We can exploit the latter universal property to prove things without getting our hands too dirty. As an example, for fixed \(y>0\) consider the function \[g(x)=\Beta(x,y)\frac{\Gamma(x+y)}{\Gamma(y)}\quad(x>0)\] It's easy to see that \(g(1)=1\) and \(g(x+1)=xg(x)\). Since \(g\) is a product of two log convex functions, it's log convex. Therefore \(g(x)=\Gamma(x)\) and hence \[\boxed{\Beta(x,y)=\frac{\Gamma(x)\Gamma(y)}{\Gamma(x+y)}}\] Taking \(x=y=\frac{1}{2}\) and making the substitution \(t=\sin ^2\varphi\) in the integral for the beta function, we obtain \[\Gamma(\tfrac{1}{2})=\sqrt{\pi}\] which is useful in the computation of certain integrals.

Gamma distribution

Returning to probability theory, the gamma function itself makes an appearance in an important distribution called—surprisingly enough—the gamma distribution, which has density \[f(x)=\frac{x ^{\alpha-1}e ^{-x}}{\Gamma(\alpha)}\quad(x>0)\] Here \(\alpha>0\) is a parameter controlling the shape of the distribution.

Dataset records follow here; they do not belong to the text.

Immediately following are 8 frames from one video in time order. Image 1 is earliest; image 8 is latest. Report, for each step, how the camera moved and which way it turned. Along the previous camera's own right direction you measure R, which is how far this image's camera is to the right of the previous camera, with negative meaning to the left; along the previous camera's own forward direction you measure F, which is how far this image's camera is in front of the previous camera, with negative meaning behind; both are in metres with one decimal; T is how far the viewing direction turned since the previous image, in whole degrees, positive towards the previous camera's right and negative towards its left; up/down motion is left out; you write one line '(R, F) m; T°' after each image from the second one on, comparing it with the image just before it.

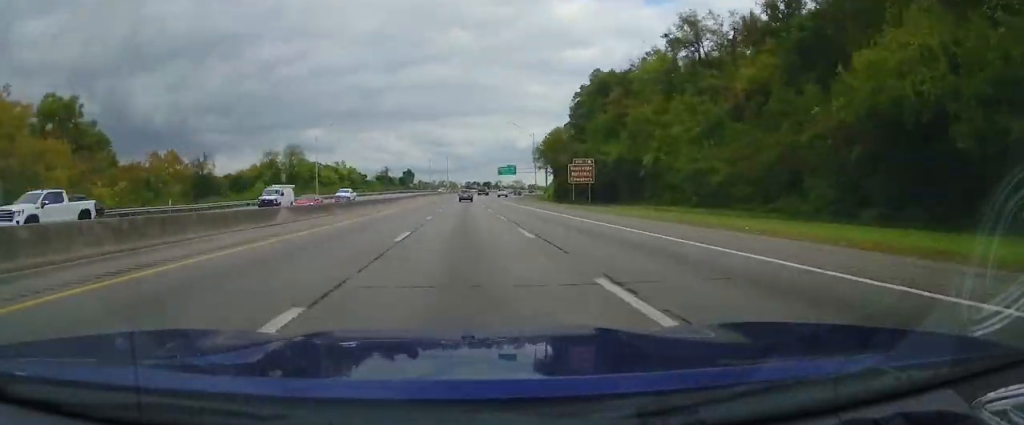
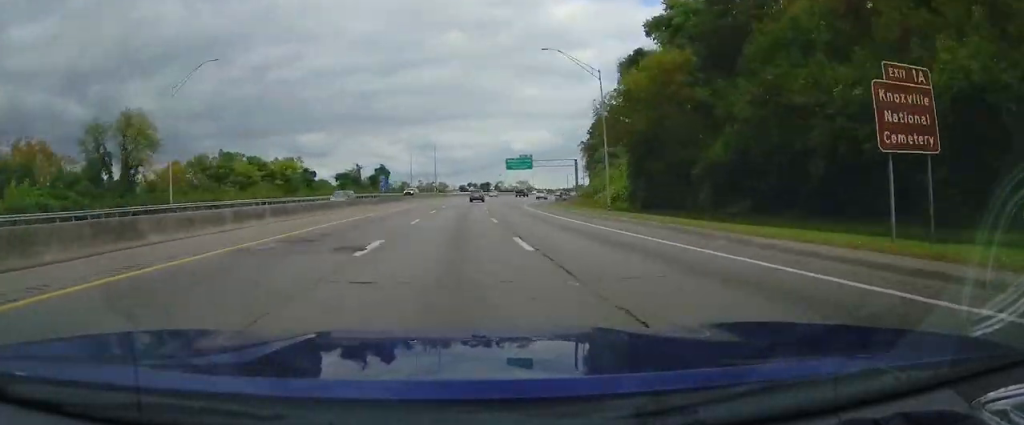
(-2.2, +46.1) m; +2°
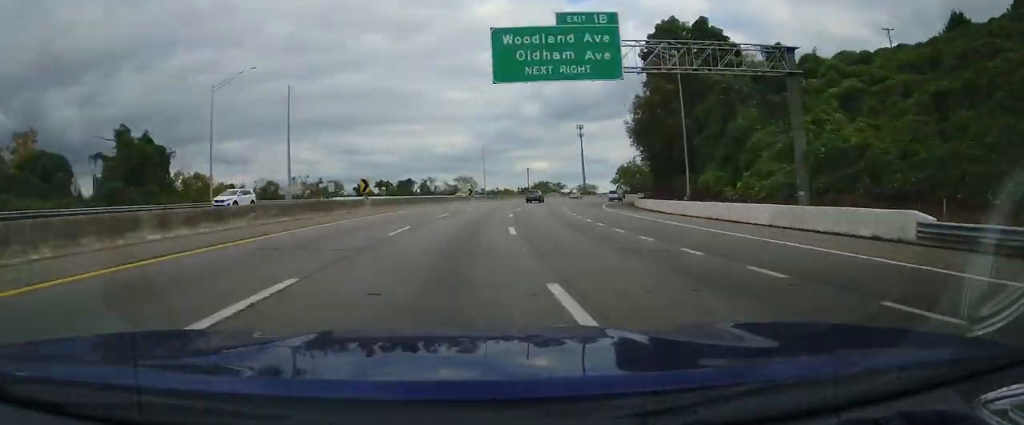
(+7.5, +93.0) m; +15°
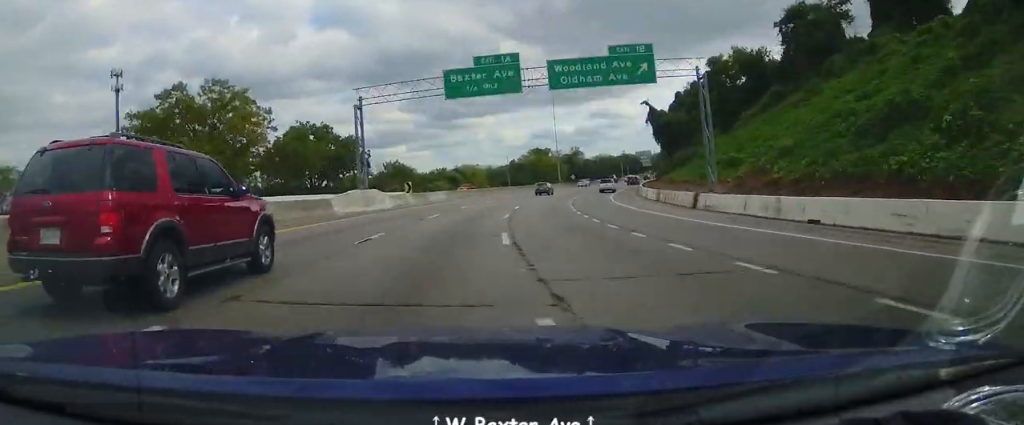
(+60.9, +154.1) m; +40°
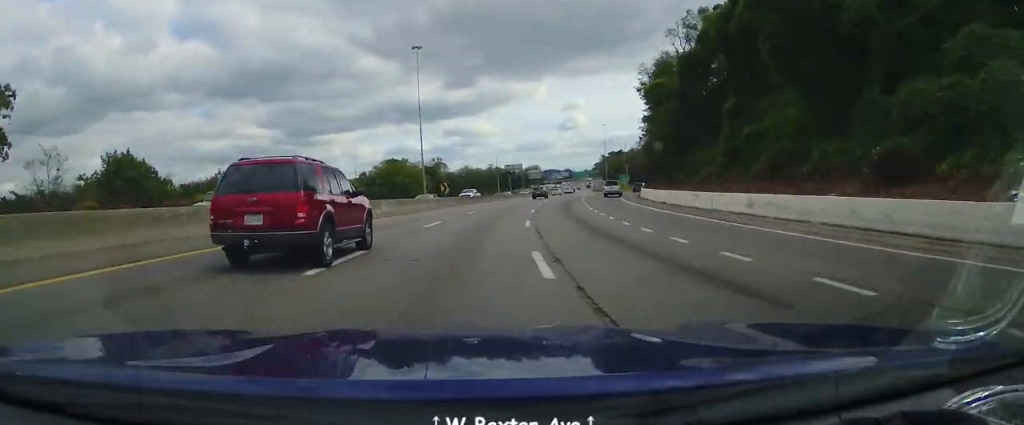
(+6.9, +65.9) m; +11°
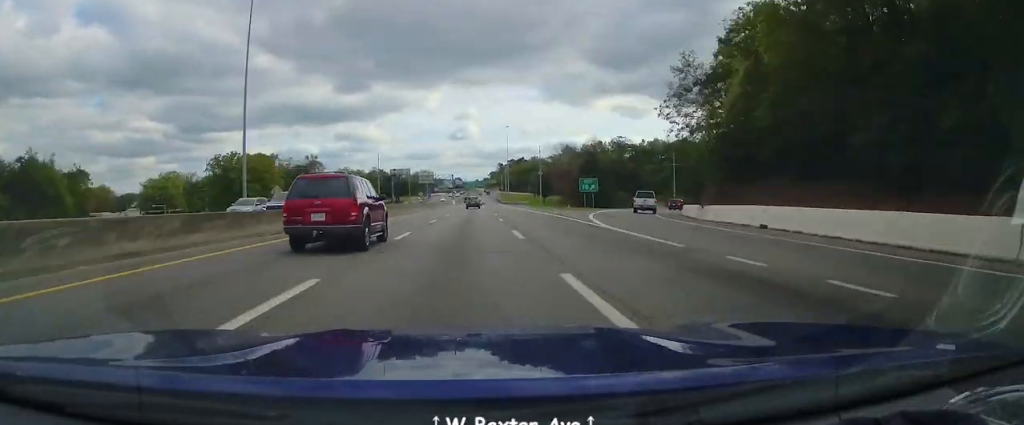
(+5.1, +53.3) m; +3°
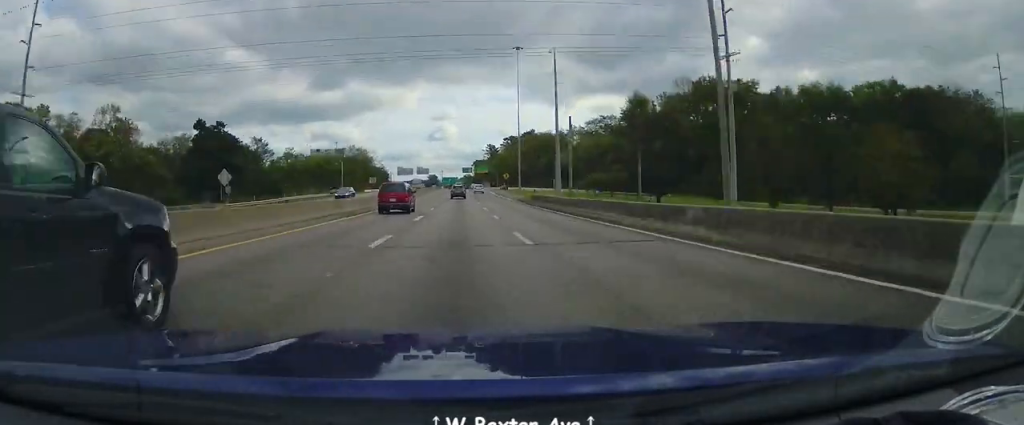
(+8.7, +166.8) m; +3°
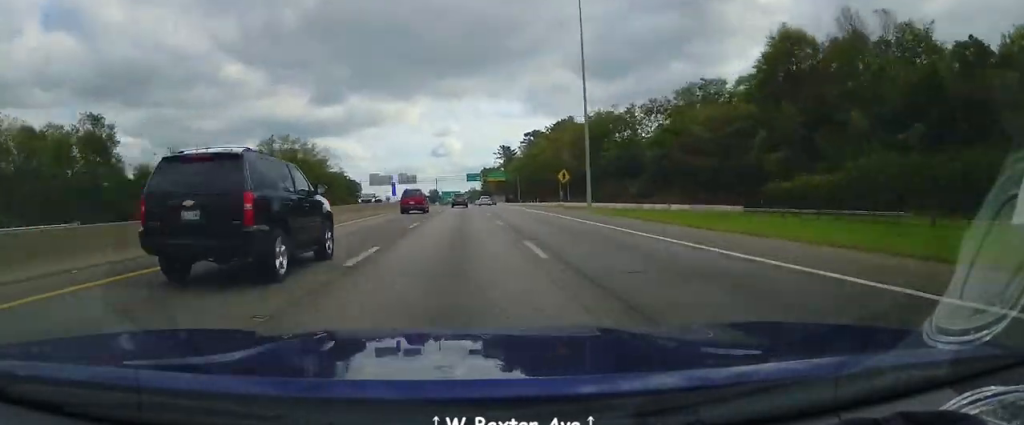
(-0.7, +75.5) m; 0°

Example: For \(\alpha=2\) the density \(f(x)=xe ^{-x}\) looks like this:

This shape is intuitive. We have \(f(0)=0\) and \(f(x)>0\) for \(x>0\). Since \(e ^{-x}\to 0\) faster than \(x\to\infty\) as \(x\to\infty\), it follows that \(xe ^{-x}\to 0\) as \(x\to\infty\). Since \[f'(x)=e ^{-x}-xe ^{-x}=(1-x)e ^{-x}=0\] only when \(x=1\), it follows that \(f\) attains its maximum at \(x=1\). In general, the gamma density with parameter \(\alpha>1\) attains its maximum at \(x=\alpha-1\). This type of gamma distribution is commonly used to model waiting times.

Conclusion

We see that the realization of the Belief Thought not only provides a rigorous and powerful framework for probability, but also leads to some very interesting mathematics. Starting from a simple question about flipping a coin, we quickly find ourselves hobnobbing with Euler, Gauss, and other great minds. This is part of the pleasure of probability theory!